RBAC Football Club  (Thai: สโมสรฟุตบอลอาร์แบค) is a defunct Thai semi-professional football club. It last played in Regional League Division 2.

History

Beginning
RBAC F.C. were born off the back of Bangkok Metropolitan Administration F.C., who went bankrupt in the Asian Financial Crisis of 1998. Bangkok Metropolitan Administration F.C. themselves took over from SET F.C. (Stock Exchange of Thailand) in similar circumstances in the early years of the Thailand Premier League.

SET F.C. reached the championship final playoff match in 1997, where they came up against Bangkok Bank F.C. in which they lost 2–0. Bangkok Bank F.C. therefore claimed in the inaugural Thailand Premier League title and SET F.C. claimed the runners up spot.

First name change
Following a new set-up for the Thailand Premier League 1997 season, SET F.C., played under the name Bangkok Metropolitan Administration F.C. and came in a creditable 7th position. The following year, Bangkok Metropolitan Administration F.C. fell down the league table and finished in 11th position, which forced the club to enter the promotion / relegation end of season playoff match. Here they met Assumption Sriracha. This year also saw Bangkok Metropolitan Administration F.C. first piece of silverware as they won the 14th Yamaha Thailand Cup, beating Nakhon Si Thammarat in the final.

Second name change & Relegation to Division 1
In the Thailand Premier League 1999 season they moved up the table and finished in 9th position, an improvement on the previous year. The Thailand Premier League 2000 season was BMA's last, as they finished in 4th position but fell on hard times and were replaced by Rattana Bundit the following year in the Thailand Premier League. It is believed that the club uses the same badge but plays under a different name from BMA and has closer links to the university in the area.

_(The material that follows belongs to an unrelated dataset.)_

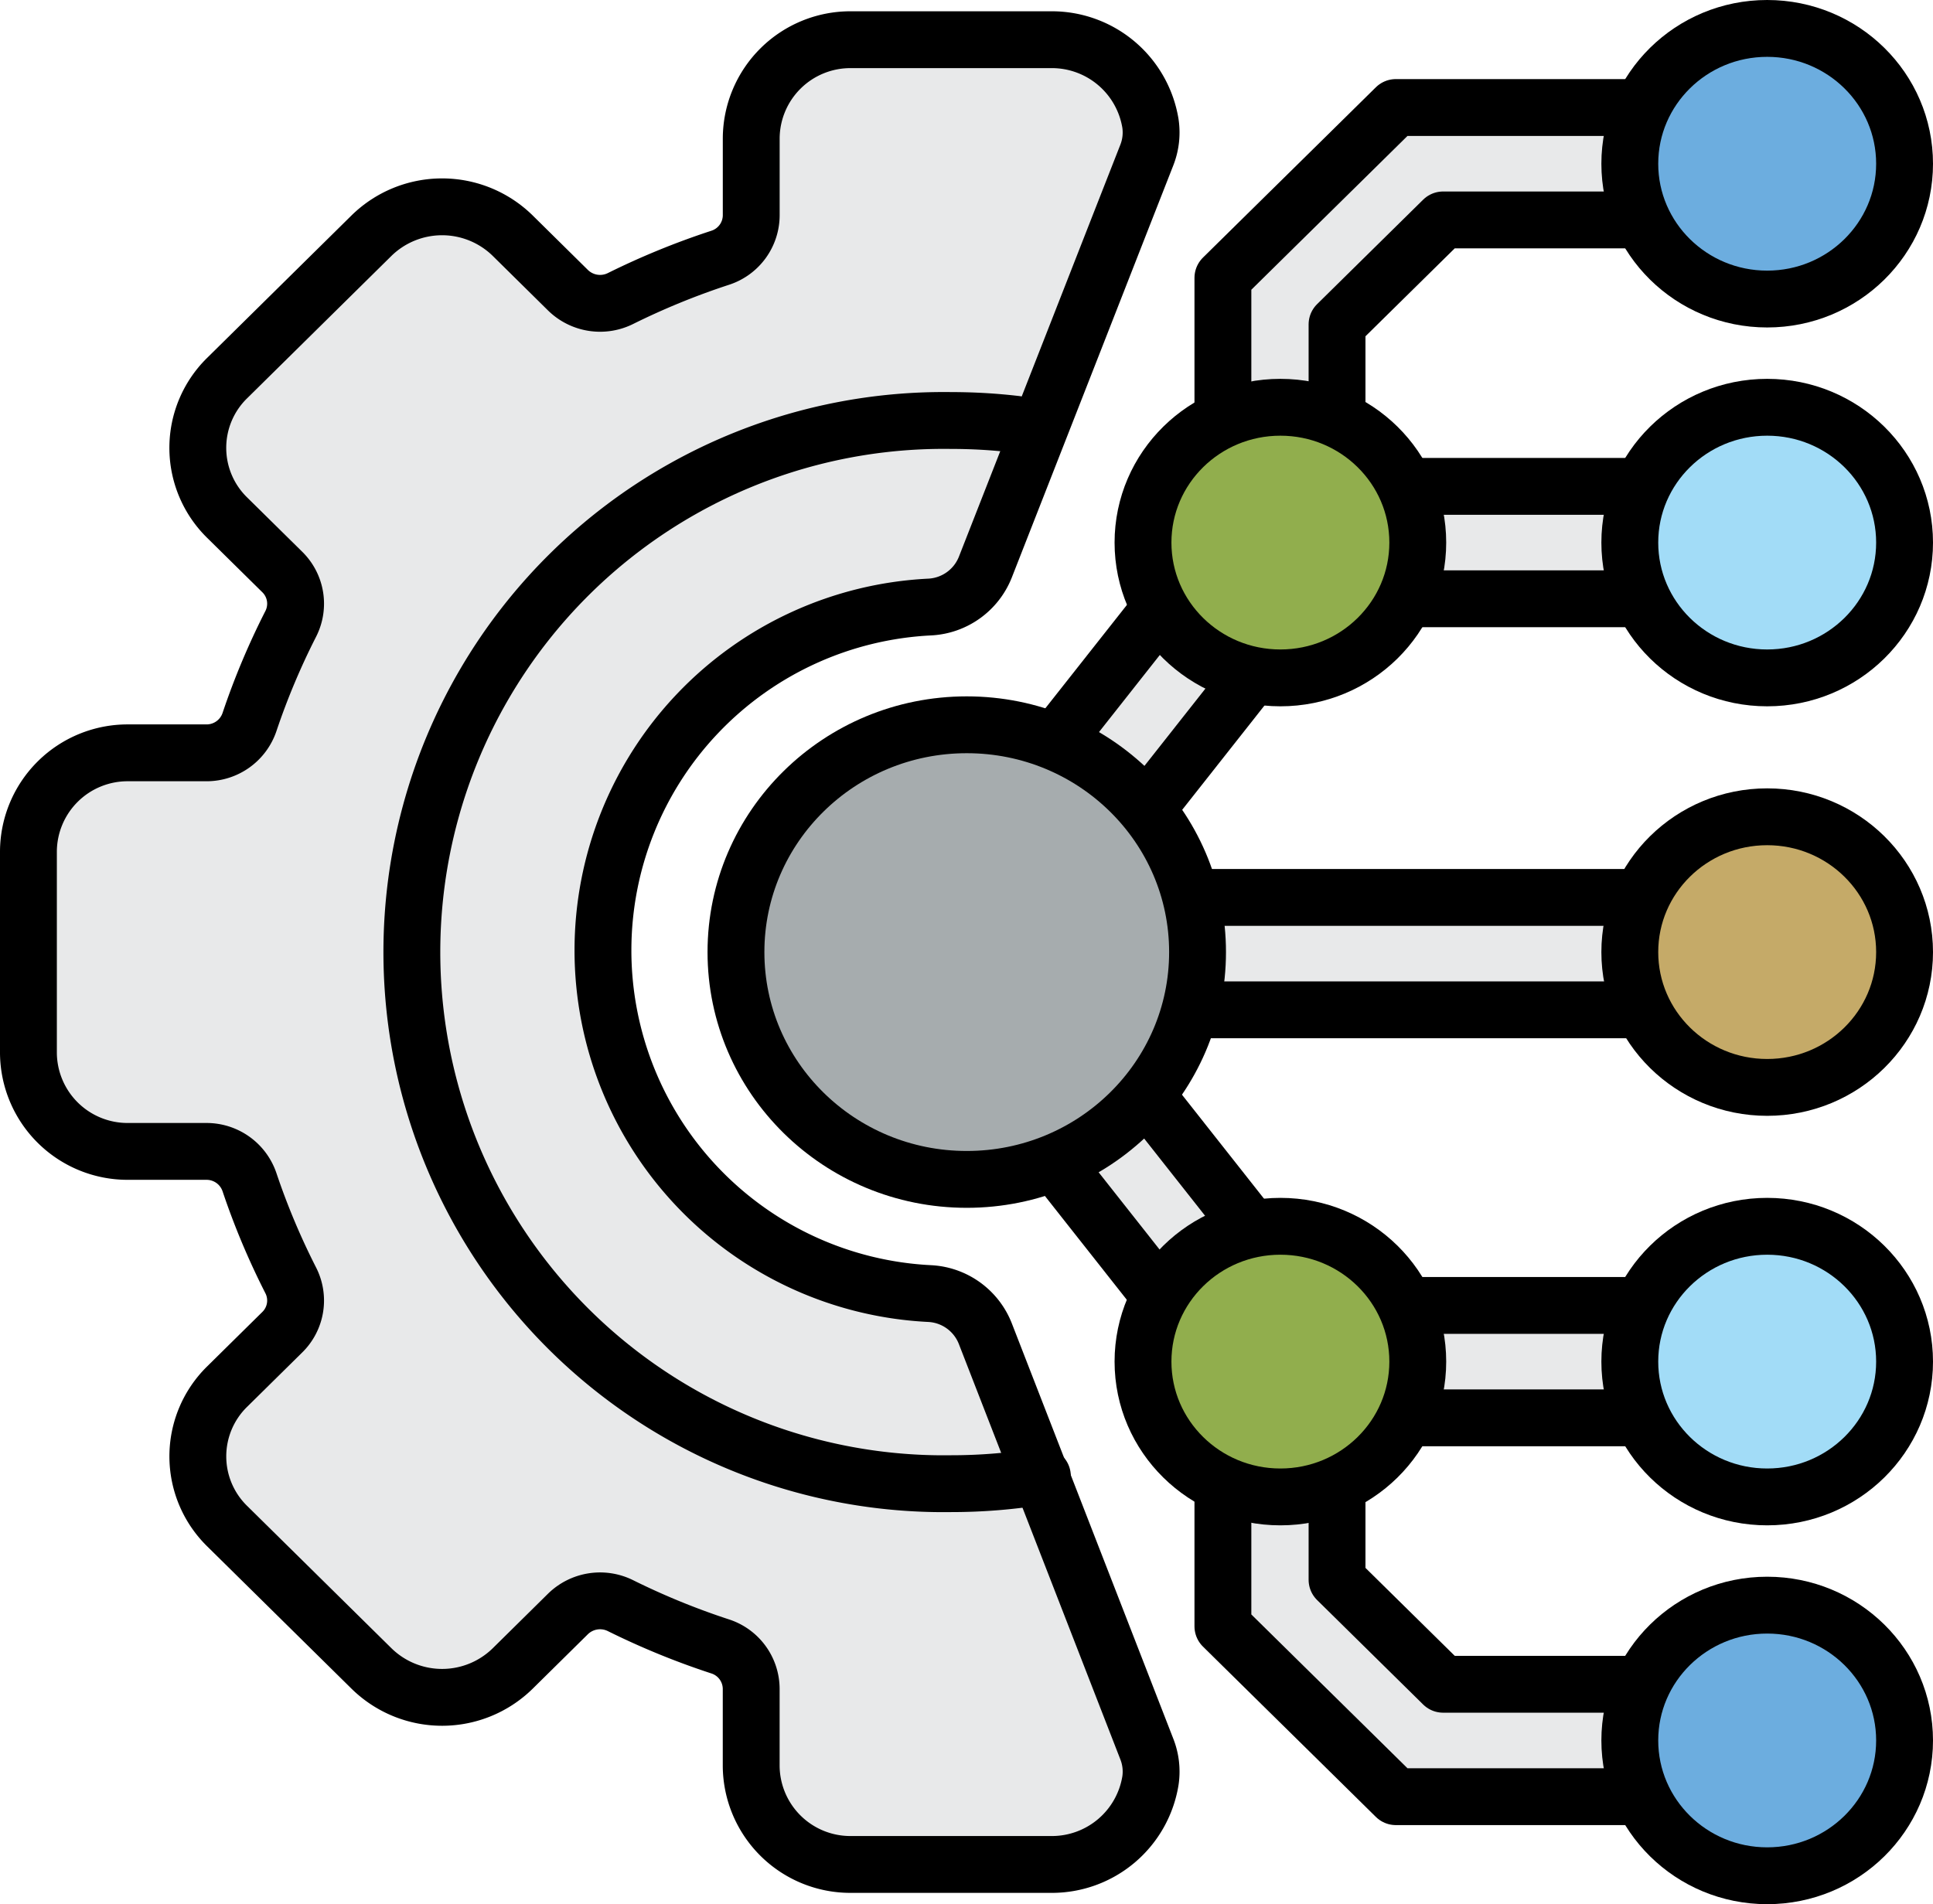 <?xml version="1.0" encoding="UTF-8"?> <svg xmlns="http://www.w3.org/2000/svg" width="68" height="67" viewBox="0 0 68 67"><defs><style>.cls-1{fill:#e8e9ea;}.cls-1,.cls-2,.cls-3,.cls-4,.cls-5,.cls-6,.cls-7{stroke:#000;stroke-linecap:round;stroke-linejoin:round;stroke-width:2px;}.cls-2{fill:#6caddf;}.cls-3{fill:#a2dcf7;}.cls-4{fill:#c5aa68;}.cls-5{fill:#a6acae;}.cls-6{fill:#91ae4d;}.cls-7{fill:none;}</style></defs><g id="Layer_2" data-name="Layer 2"><g id="Icons"><rect class="cls-1" x="41.891" y="31.576" width="17.377" height="3.955"></rect><rect class="cls-1" x="41.891" y="17.113" width="17.377" height="3.955"></rect><rect class="cls-1" x="41.891" y="45.932" width="17.377" height="3.955"></rect><polygon class="cls-1" points="47.614 19.238 36.953 32.756 33.782 30.329 44.444 16.812 47.614 19.238"></polygon><polygon class="cls-1" points="33.782 36.693 44.444 50.21 47.614 47.783 36.953 34.266 33.782 36.693"></polygon><polygon class="cls-1" points="54.415 3.783 49.103 3.783 47.035 5.821 45.088 7.738 43.02 9.776 43.02 15.369 43.02 21.068 47.035 21.068 47.035 11.414 50.766 7.738 59.268 7.738 59.268 3.783 54.415 3.783"></polygon><polygon class="cls-1" points="54.415 63.217 49.103 63.217 47.035 61.179 45.088 59.262 43.02 57.224 43.02 51.631 43.02 45.932 47.035 45.932 47.035 55.586 50.766 59.262 59.268 59.262 59.268 63.217 54.415 63.217"></polygon><ellipse class="cls-2" cx="62.167" cy="5.761" rx="4.833" ry="4.761"></ellipse><ellipse class="cls-3" cx="62.167" cy="19.091" rx="4.833" ry="4.761"></ellipse><ellipse class="cls-4" cx="62.167" cy="33.5" rx="4.833" ry="4.761"></ellipse><ellipse class="cls-5" cx="34.009" cy="33.5" rx="8.119" ry="7.998"></ellipse><ellipse class="cls-3" cx="62.167" cy="47.909" rx="4.833" ry="4.761"></ellipse><ellipse class="cls-2" cx="62.167" cy="61.239" rx="4.833" ry="4.761"></ellipse><ellipse class="cls-6" cx="45.042" cy="19.091" rx="4.833" ry="4.761"></ellipse><ellipse class="cls-6" cx="45.042" cy="47.909" rx="4.833" ry="4.761"></ellipse><path class="cls-1" d="M37.773,12.018,34.661,19.96a2.226,2.226,0,0,1-1.937,1.398,12.093,12.093,0,0,0-.003,24.158A2.223,2.223,0,0,1,34.66,46.92l5.686,14.628a2.16,2.16,0,0,1,.125,1.104,3.512,3.512,0,0,1-3.469,2.95H29.934a3.489,3.489,0,0,1-3.508-3.461V59.427a1.577,1.577,0,0,0-1.096-1.498,26.235,26.235,0,0,1-3.498-1.431,1.615,1.615,0,0,0-1.853.291L18.033,58.71a3.545,3.545,0,0,1-4.961,0L7.984,53.691a3.437,3.437,0,0,1-.001-4.895l1.948-1.922a1.561,1.561,0,0,0,.295-1.827,25.547,25.547,0,0,1-1.45-3.453,1.594,1.594,0,0,0-1.518-1.081H4.507A3.488,3.488,0,0,1,1,37.05V29.95a3.488,3.488,0,0,1,3.507-3.461H7.258a1.594,1.594,0,0,0,1.518-1.081,25.511,25.511,0,0,1,1.45-3.453,1.562,1.562,0,0,0-.295-1.828l-1.948-1.921A3.437,3.437,0,0,1,7.983,13.31l5.088-5.021a3.548,3.548,0,0,1,4.961-.001L19.98,10.211a1.613,1.613,0,0,0,1.852.291A26.282,26.282,0,0,1,25.331,9.071a1.577,1.577,0,0,0,1.096-1.498V4.858a3.488,3.488,0,0,1,3.507-3.461h7.069A3.513,3.513,0,0,1,40.471,4.345a2.172,2.172,0,0,1-.127,1.11l-.967,2.466Z"></path><path class="cls-7" d="M36.669,51.938a19.324,19.324,0,0,1-3.201.266,18.706,18.706,0,1,1,0-37.408,19.397,19.397,0,0,1,2.275.133"></path></g></g></svg>

In their first appearance in the Premier League under their newly formed club, Rattana succumbed to relegation to the Thailand Division 1 League, after they could only total 18 points and only 10 goals in 22 matches in a very poor season.

In 2010 Thai Division 1 League, Rattana endured a disappointing season and finished 14th which resulted in them being relegated. However, due to an expansion of the league, they were given a reprieve when they defeated Rayong F.C. 4–2 in a two-legged playoff to retain they're Thailand Division 1 League status for 2011.

Relegation to Division 2
After 2011 Thai Division 1 League, RBAC was relegated to the 2012 Regional League Division 2. BEC Tero Sasana F.C. took over the club and run the club as the reserve team. The club has changed the name after parent team RBAC BEC Tero Sasana F.C. well known as 'R-BEC'. The proposal of the team is to produce young players to senior team as FC Barcelona B that produce player to FC Barcelona. The first season of R-BEC, BEC Tero Sasana F.C. bought many national u-19 team players and sent on loan with this club. Andrew Ord,a coach of BEC Tero Sasana F.C. youth team, was sent to coach this team. After poor season of 2011 Thai Premier League, Phayong Khunnaen step down of senior team and BEC Tero Sasana F.C. promoted Andrew Ord to coaching senior team and sent Samrit Sechanah to coaching reserve team.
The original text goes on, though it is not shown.